Pulmonary stenosis with an isolated valve occurs in 8-12% of cases of congenital heart defects in children. Subvalvular stenosis can result in a funnel-shaped appearance of the artery and is often found in children with a normal pulmonary valve. This condition may be caused by tetralogy of Fallot.

Peripheral narrowing of the pulmonary artery can lead to obstruction at the level of the main pulmonary artery, at the bifurcation, or in more distal branches. In some places, there is difficult patency, but stenosis can be caused by other congenital cardiac anomalies, for example, a ventricular septal defect or patent ductus arteriosus, etc.

Stenosis can be diagnosed in utero or shortly after birth. Critical narrowing of the pulmonary artery is considered potentially dangerous for newborns.

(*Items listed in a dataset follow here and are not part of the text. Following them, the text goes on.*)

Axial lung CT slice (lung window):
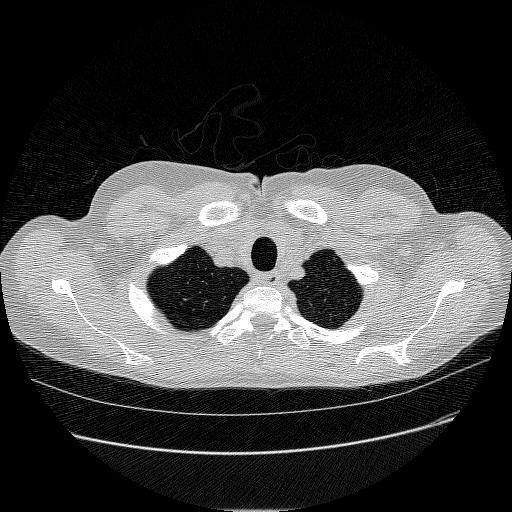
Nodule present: no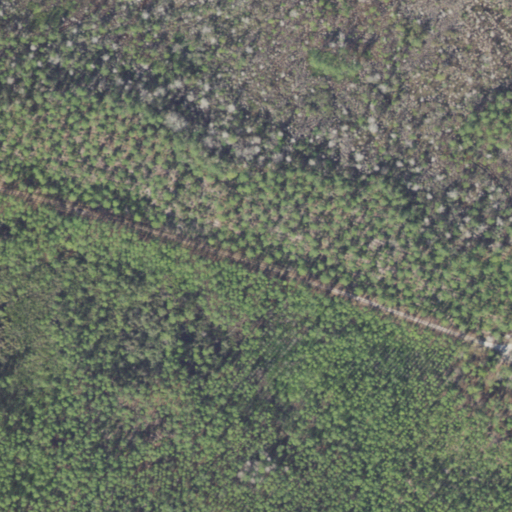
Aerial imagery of mountain in Florida named Sand Hills containing evergreen forest, woody wetlands, and open development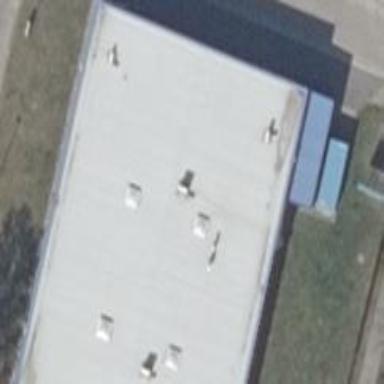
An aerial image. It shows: Retail building with flat grey roof. The shop specializes in furniture.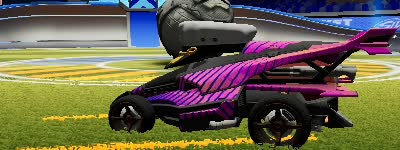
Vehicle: aftershock
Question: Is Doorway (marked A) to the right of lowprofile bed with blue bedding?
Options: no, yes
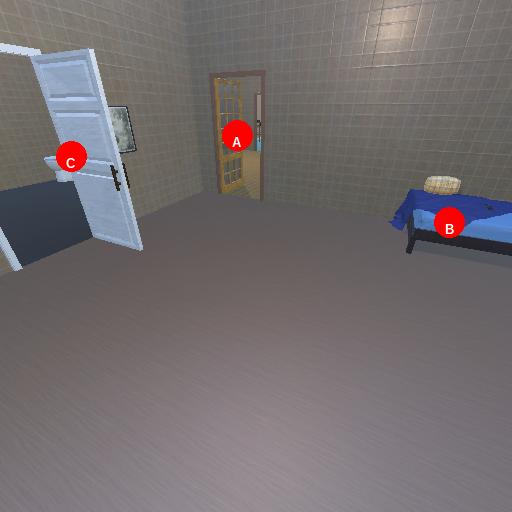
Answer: no

Ultrasound imaging of the heart during pregnancy may show isolated valve stenosis due to abnormal thickening or bicuspidity of the valve. Also, with the help of ultrasound, the doctor can detect stenosis caused by rubella infection during fetal development or accompanied by other congenital anomalies, such as tetralogy of Fallot or Noonan syndrome.

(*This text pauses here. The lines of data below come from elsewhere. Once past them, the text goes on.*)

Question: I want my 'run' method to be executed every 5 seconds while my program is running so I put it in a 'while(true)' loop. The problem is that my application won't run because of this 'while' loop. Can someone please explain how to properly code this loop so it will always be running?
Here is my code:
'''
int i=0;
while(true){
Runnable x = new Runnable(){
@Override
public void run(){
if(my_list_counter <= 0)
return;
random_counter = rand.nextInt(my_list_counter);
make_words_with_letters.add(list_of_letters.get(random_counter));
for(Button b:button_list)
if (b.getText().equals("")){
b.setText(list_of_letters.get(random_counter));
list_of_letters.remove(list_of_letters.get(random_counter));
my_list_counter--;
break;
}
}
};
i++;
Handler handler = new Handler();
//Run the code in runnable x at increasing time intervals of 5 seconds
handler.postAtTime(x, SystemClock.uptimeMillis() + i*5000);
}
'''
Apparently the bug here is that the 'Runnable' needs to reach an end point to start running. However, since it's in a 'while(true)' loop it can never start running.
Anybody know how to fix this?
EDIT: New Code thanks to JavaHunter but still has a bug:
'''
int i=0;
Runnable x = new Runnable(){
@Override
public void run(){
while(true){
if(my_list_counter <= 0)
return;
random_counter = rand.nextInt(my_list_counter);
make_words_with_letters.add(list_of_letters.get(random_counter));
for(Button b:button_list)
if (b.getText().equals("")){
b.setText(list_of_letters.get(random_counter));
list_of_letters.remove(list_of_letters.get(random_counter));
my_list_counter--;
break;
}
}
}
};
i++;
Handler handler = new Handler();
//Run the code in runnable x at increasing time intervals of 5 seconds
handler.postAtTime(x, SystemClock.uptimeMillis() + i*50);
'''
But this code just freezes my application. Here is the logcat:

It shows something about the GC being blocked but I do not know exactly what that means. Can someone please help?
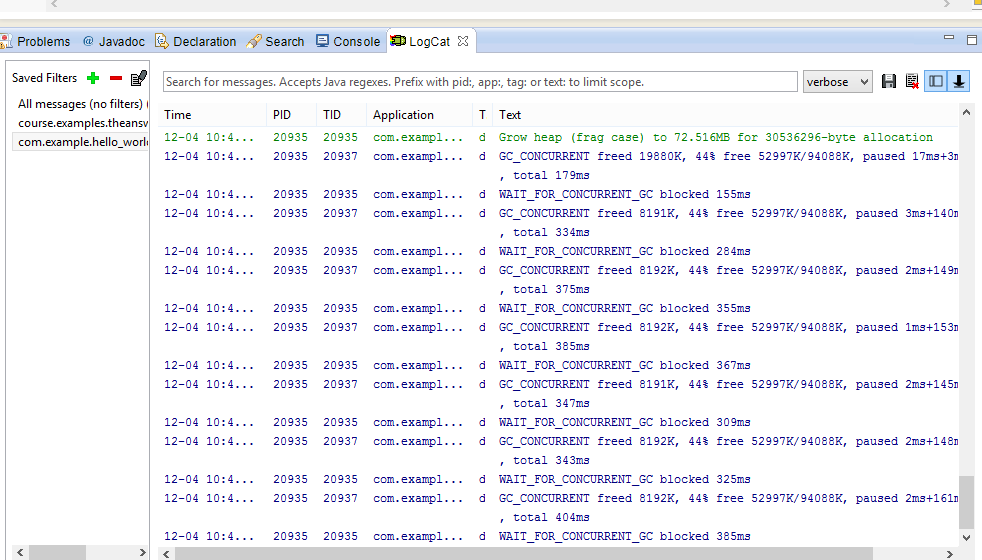
Answer: What you are doing, is you are just creating infinitely many runnable objects(that are being GCed). You should put the while loop inside the runnable. And probably its better to change the loop condition to the following(It is more readable):
'''
Runnable x = new Runnable(){
@Override
public void run(){
while(my_list_counter > 0){
random_counter = rand.nextInt(my_list_counter);
make_words_with_letters.add(list_of_letters.get(random_counter));
for(Button b:button_list)
if (b.getText().equals("")){
b.setText(list_of_letters.get(random_counter));
list_of_letters.remove(list_of_letters.get(random_counter));
my_list_counter--;
break;
}
}
}
};
'''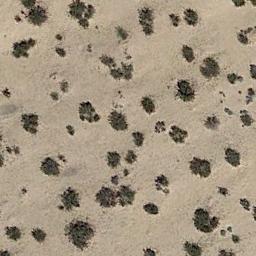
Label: chaparral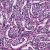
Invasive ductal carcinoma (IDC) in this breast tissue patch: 1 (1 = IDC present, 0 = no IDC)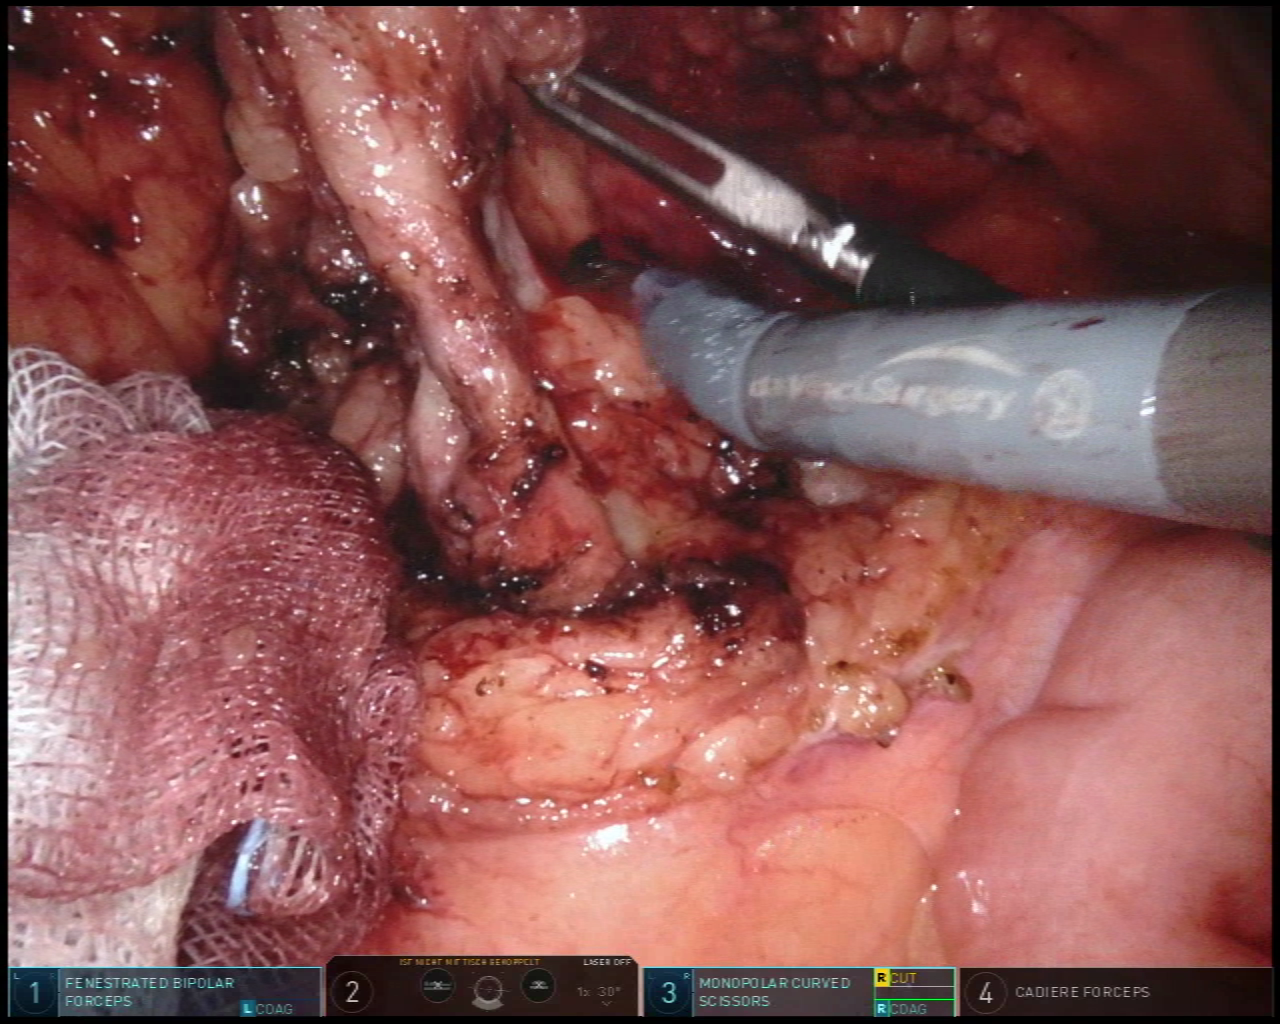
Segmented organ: inferior_mesenteric_artery
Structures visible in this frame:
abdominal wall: no
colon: no
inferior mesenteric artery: yes
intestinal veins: no
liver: no
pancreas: no
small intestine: yes
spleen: no
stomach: no
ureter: no
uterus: no
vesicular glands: no

In infants, the condition is usually diagnosed by the presence of systolic murmurs while listening to the lungs with a phonendoscope.

Symptoms and diagnosis of pulmonary artery stenosis

Symptoms of stenosis depend on the severity of the pathology. The mild form may be asymptomatic; a more severe form of the pathology may cause the following symptoms:

dyspnea
chest pain
fainting during exercise
causeless fainting

Soft pulmonary systolic murmurs are heard when the child is lying down, but such murmurs can also be heard in healthy children and may be associated with physiological changes in the respiratory system.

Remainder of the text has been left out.